WHAT YOU NEED TO DO >> Every line below between the line holding "105 66 105 6" and the line holding "-1 -38 44 -3", inclusive, should be repeated exactly, and all other lines omitted.

DATA TO PROCESS >>
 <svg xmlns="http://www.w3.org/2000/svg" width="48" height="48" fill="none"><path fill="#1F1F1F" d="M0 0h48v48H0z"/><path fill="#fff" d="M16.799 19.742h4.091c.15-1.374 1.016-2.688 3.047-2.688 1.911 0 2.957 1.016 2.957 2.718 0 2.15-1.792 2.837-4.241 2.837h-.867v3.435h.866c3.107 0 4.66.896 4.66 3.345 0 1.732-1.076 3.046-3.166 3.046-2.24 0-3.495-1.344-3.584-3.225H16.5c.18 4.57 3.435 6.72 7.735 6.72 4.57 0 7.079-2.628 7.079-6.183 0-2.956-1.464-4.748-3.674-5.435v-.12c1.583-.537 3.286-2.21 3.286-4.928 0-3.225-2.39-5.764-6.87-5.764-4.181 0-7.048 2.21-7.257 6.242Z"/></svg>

...

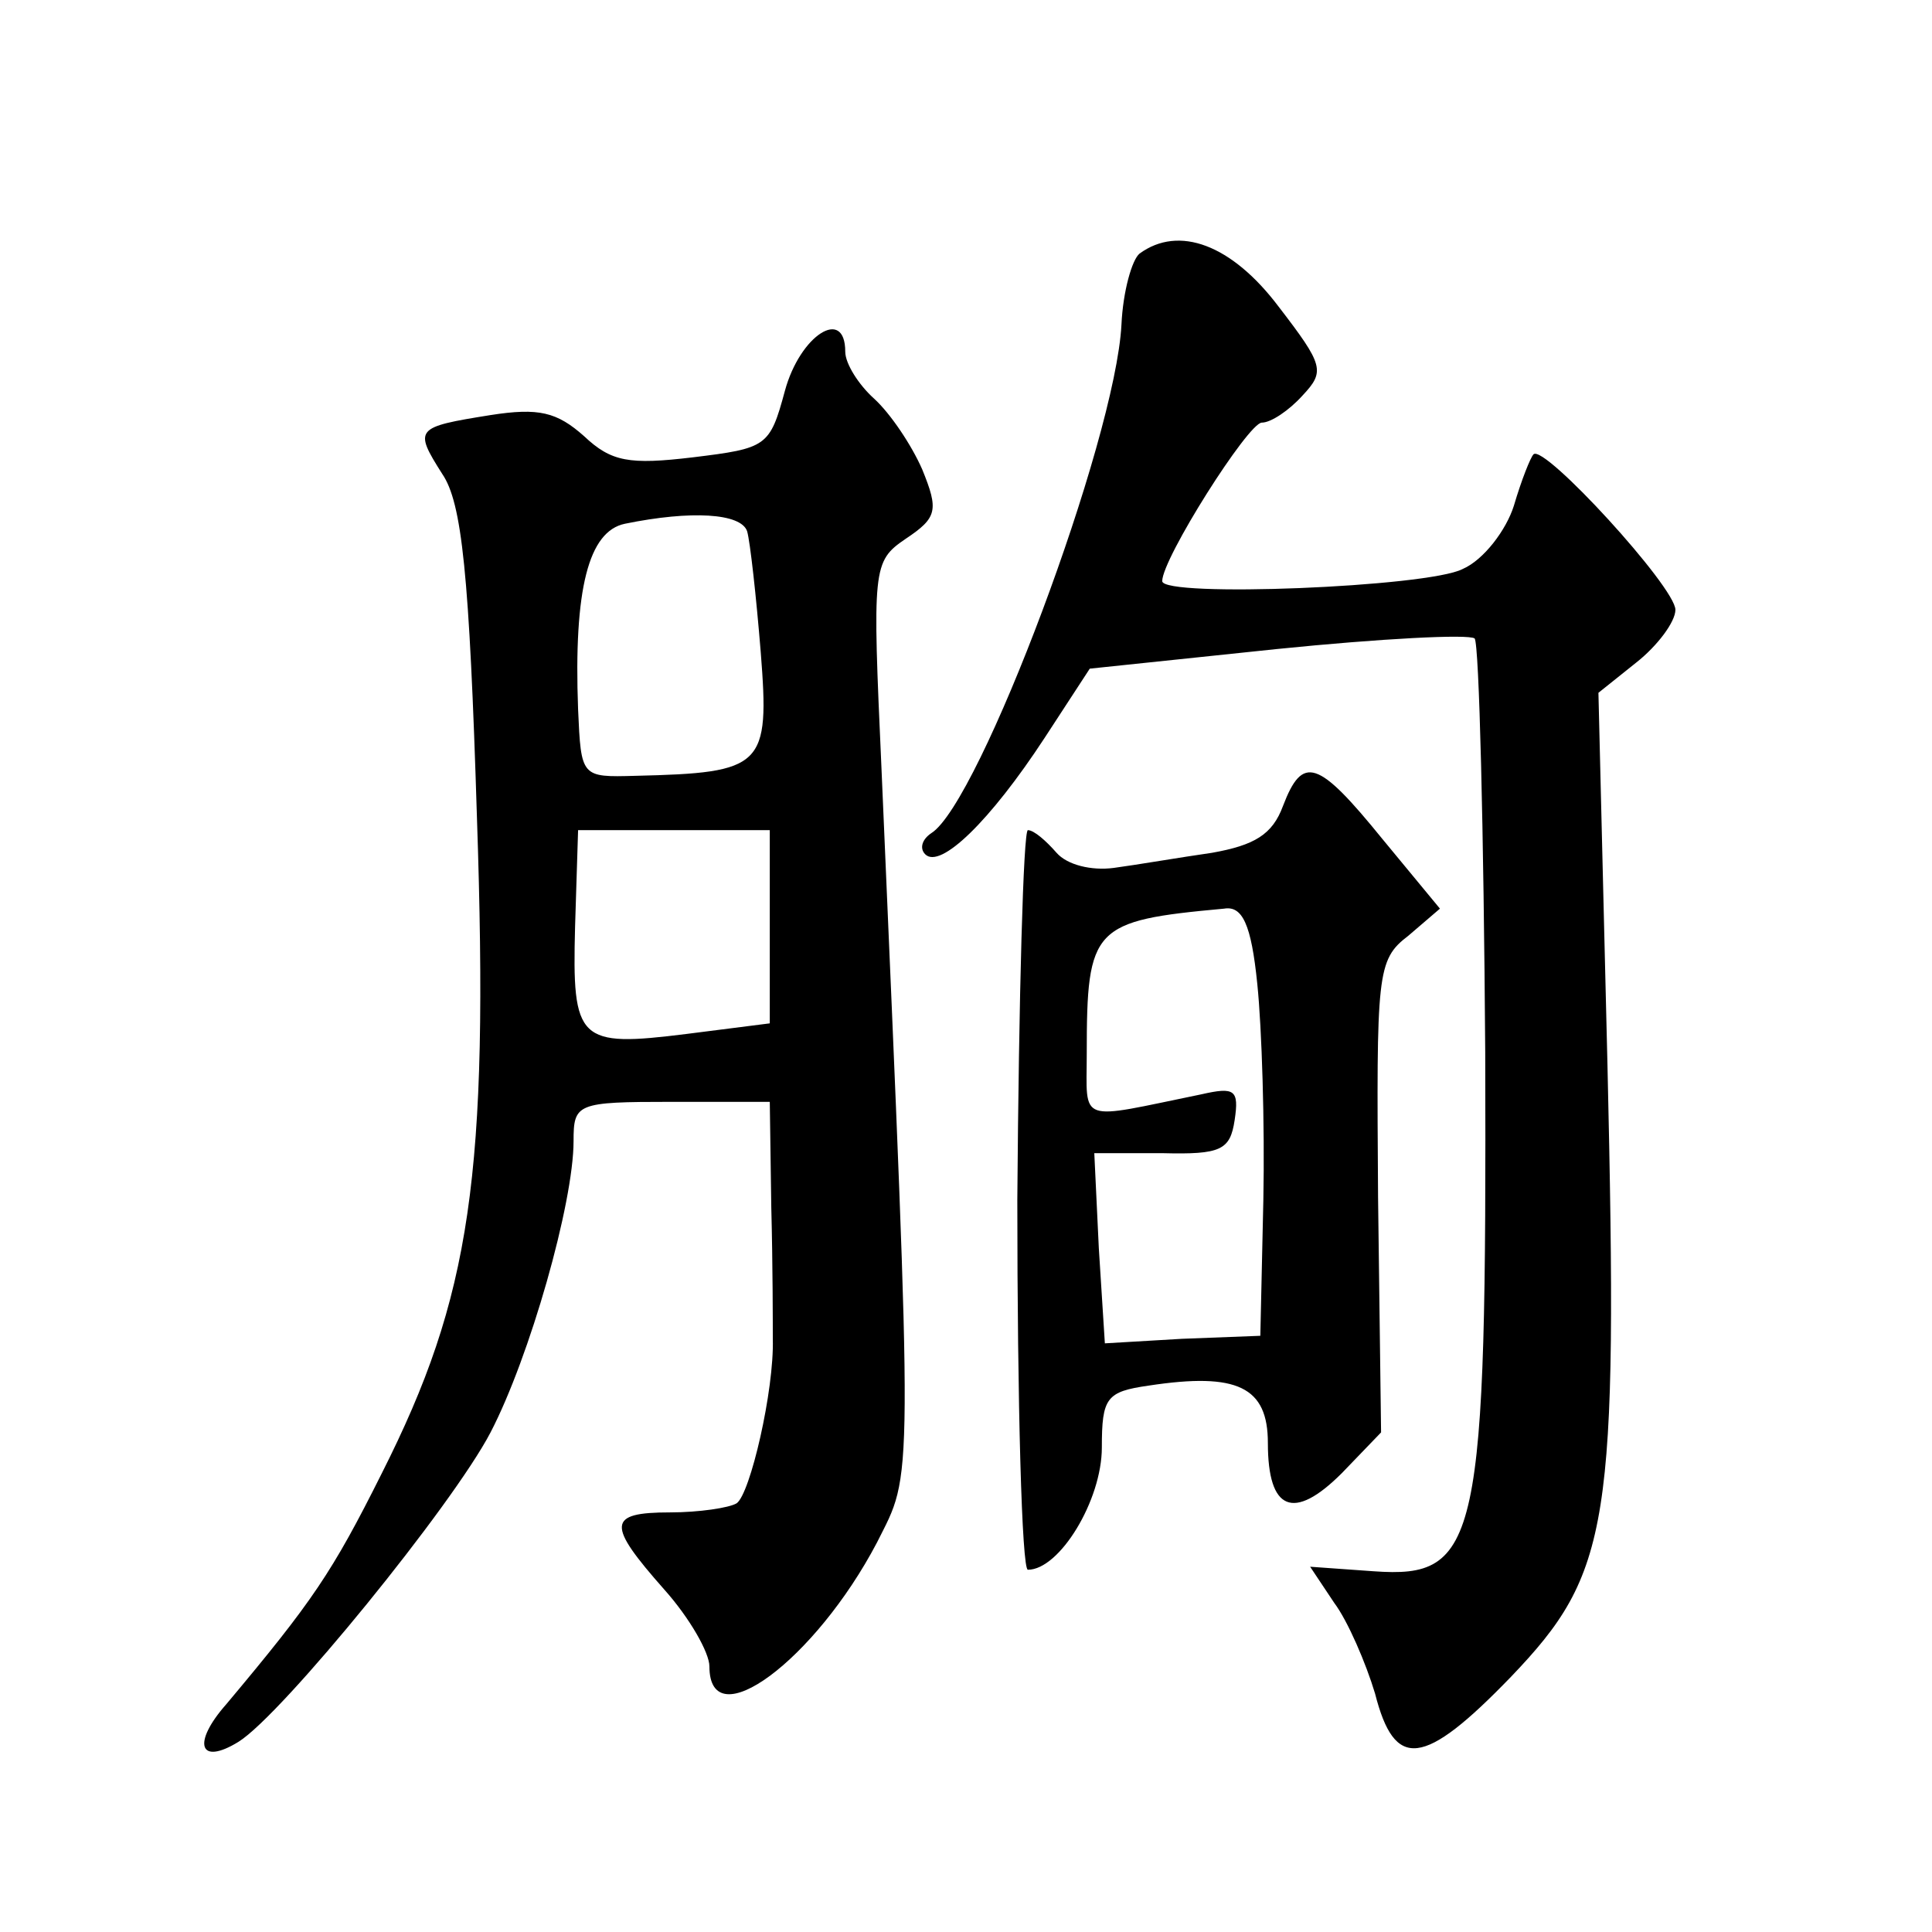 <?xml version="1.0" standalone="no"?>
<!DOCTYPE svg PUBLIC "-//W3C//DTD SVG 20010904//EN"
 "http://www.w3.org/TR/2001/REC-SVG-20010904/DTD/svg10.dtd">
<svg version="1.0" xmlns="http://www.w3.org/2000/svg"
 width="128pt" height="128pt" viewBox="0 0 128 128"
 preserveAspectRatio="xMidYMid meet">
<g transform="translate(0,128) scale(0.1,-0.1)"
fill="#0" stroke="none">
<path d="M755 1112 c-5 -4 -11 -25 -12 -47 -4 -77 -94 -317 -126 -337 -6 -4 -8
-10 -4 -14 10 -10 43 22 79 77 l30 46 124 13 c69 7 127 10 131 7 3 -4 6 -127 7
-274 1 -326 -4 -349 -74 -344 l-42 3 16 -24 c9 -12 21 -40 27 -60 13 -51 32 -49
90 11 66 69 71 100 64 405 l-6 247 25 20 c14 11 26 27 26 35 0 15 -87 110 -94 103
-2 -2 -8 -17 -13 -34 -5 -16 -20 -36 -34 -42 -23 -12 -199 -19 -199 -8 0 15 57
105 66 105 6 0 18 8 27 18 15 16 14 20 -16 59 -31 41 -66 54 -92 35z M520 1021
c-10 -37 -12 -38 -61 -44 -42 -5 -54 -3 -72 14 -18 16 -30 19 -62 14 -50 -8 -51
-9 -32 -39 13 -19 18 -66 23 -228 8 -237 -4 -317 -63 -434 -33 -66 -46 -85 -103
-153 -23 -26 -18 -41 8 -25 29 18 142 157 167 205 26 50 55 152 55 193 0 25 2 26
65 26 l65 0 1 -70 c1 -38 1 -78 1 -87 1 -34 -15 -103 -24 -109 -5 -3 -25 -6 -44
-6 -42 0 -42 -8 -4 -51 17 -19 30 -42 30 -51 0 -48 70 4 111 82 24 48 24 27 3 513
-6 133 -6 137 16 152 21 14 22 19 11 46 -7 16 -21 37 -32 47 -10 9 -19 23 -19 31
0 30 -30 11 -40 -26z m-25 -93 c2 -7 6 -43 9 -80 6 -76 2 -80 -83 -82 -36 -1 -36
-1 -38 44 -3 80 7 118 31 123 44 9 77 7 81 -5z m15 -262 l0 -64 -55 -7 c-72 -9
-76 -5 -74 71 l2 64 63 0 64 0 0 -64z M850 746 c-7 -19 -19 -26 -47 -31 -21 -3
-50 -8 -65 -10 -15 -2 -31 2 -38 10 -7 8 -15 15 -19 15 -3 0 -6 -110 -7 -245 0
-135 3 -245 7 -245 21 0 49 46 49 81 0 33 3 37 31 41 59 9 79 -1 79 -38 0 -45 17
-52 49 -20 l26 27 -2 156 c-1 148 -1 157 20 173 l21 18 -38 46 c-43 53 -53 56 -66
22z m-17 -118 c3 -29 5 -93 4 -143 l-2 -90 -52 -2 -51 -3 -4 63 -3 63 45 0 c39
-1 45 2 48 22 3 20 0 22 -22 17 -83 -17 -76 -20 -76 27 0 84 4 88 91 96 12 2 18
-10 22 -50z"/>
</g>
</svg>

ANSWER TO THE PROBLEM >>
105 66 105 6 0 18 8 27 18 15 16 14 20 -16 59 -31 41 -66 54 -92 35z M520 1021
c-10 -37 -12 -38 -61 -44 -42 -5 -54 -3 -72 14 -18 16 -30 19 -62 14 -50 -8 -51
-9 -32 -39 13 -19 18 -66 23 -228 8 -237 -4 -317 -63 -434 -33 -66 -46 -85 -103
-153 -23 -26 -18 -41 8 -25 29 18 142 157 167 205 26 50 55 152 55 193 0 25 2 26
65 26 l65 0 1 -70 c1 -38 1 -78 1 -87 1 -34 -15 -103 -24 -109 -5 -3 -25 -6 -44
-6 -42 0 -42 -8 -4 -51 17 -19 30 -42 30 -51 0 -48 70 4 111 82 24 48 24 27 3 513
-6 133 -6 137 16 152 21 14 22 19 11 46 -7 16 -21 37 -32 47 -10 9 -19 23 -19 31
0 30 -30 11 -40 -26z m-25 -93 c2 -7 6 -43 9 -80 6 -76 2 -80 -83 -82 -36 -1 -36
-1 -38 44 -3 80 7 118 31 123 44 9 77 7 81 -5z m15 -262 l0 -64 -55 -7 c-72 -9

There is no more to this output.